Available data:

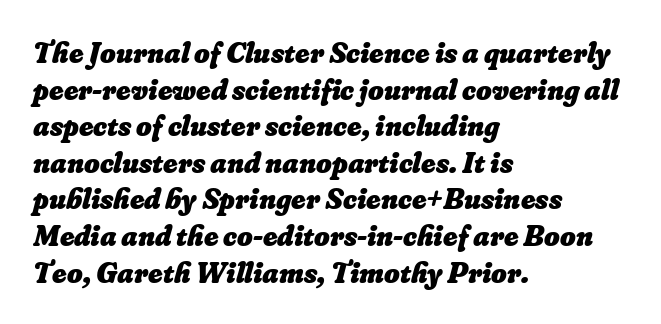
{"bold": "yes", "weight": "heavy", "width": "normal", "stroke_contrast": "low", "x_height": "small", "monospaced": "no", "underline": "no", "align": "left", "line_spacing_ratio": 1.22, "letter_spacing": "normal", "letter_spacing_em": 0.0, "glyph_px": 30}
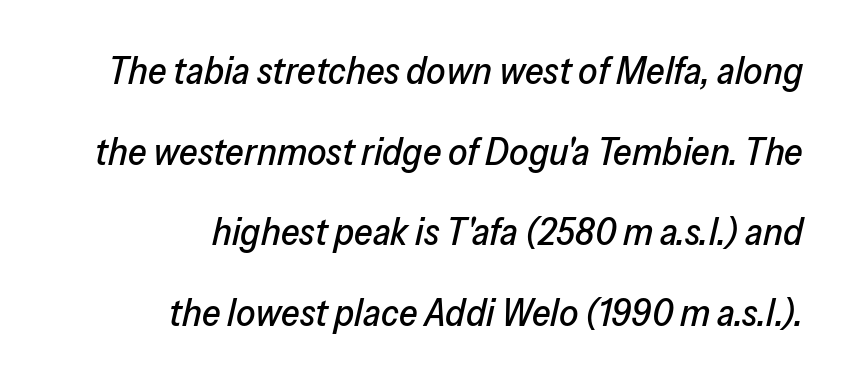
{"italic": "yes", "lean": "right", "slant_degrees": 13, "width": "normal", "stroke_contrast": "low", "x_height": "medium", "monospaced": "no", "underline": "no", "align": "right", "line_spacing": "loose", "line_spacing_ratio": 2.12, "letter_spacing": "normal", "letter_spacing_em": 0.0, "glyph_px": 38}
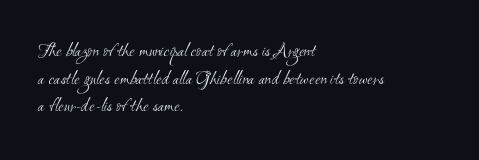
{"bold": "no", "underline": "no", "align": "left", "line_spacing": "normal", "line_spacing_ratio": 1.38, "letter_spacing": "normal", "letter_spacing_em": 0.0, "glyph_px": 20}
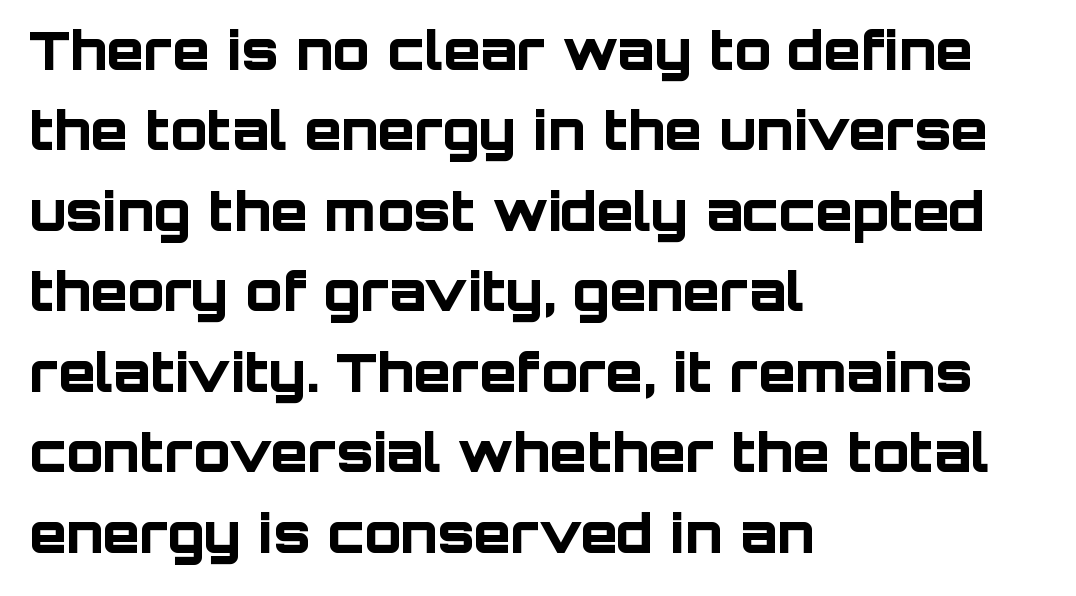
Ascenders rise straight up at ninety degrees. Notice how descenders clear the ascenders below comfortably — that's standard leading. The glyphs in this specimen are sans serif. Typesetter's note: full bold, strokes at maximum text heaviness. The face used here is proportionally spaced, like ordinary book or web type. Does extra space separate the letters? No, they use regular spacing.

Assignment:
The whole listing above needs to be copied exactly; please keep the pictures out.

Solution for this task:
{"bold": "yes", "weight": "heavy", "width": "normal", "stroke_contrast": "low", "x_height": "small", "monospaced": "no", "underline": "no", "align": "left", "line_spacing_ratio": 1.22, "letter_spacing": "normal", "letter_spacing_em": 0.0, "glyph_px": 30}
{"italic": "yes", "lean": "right", "slant_degrees": 13, "width": "normal", "stroke_contrast": "low", "x_height": "medium", "monospaced": "no", "underline": "no", "align": "right", "line_spacing": "loose", "line_spacing_ratio": 2.12, "letter_spacing": "normal", "letter_spacing_em": 0.0, "glyph_px": 38}
{"bold": "no", "underline": "no", "align": "left", "line_spacing": "normal", "line_spacing_ratio": 1.38, "letter_spacing": "normal", "letter_spacing_em": 0.0, "glyph_px": 20}
Ascenders rise straight up at ninety degrees. Notice how descenders clear the ascenders below comfortably — that's standard leading. The glyphs in this specimen are sans serif. Typesetter's note: full bold, strokes at maximum text heaviness. The face used here is proportionally spaced, like ordinary book or web type. Does extra space separate the letters? No, they use regular spacing.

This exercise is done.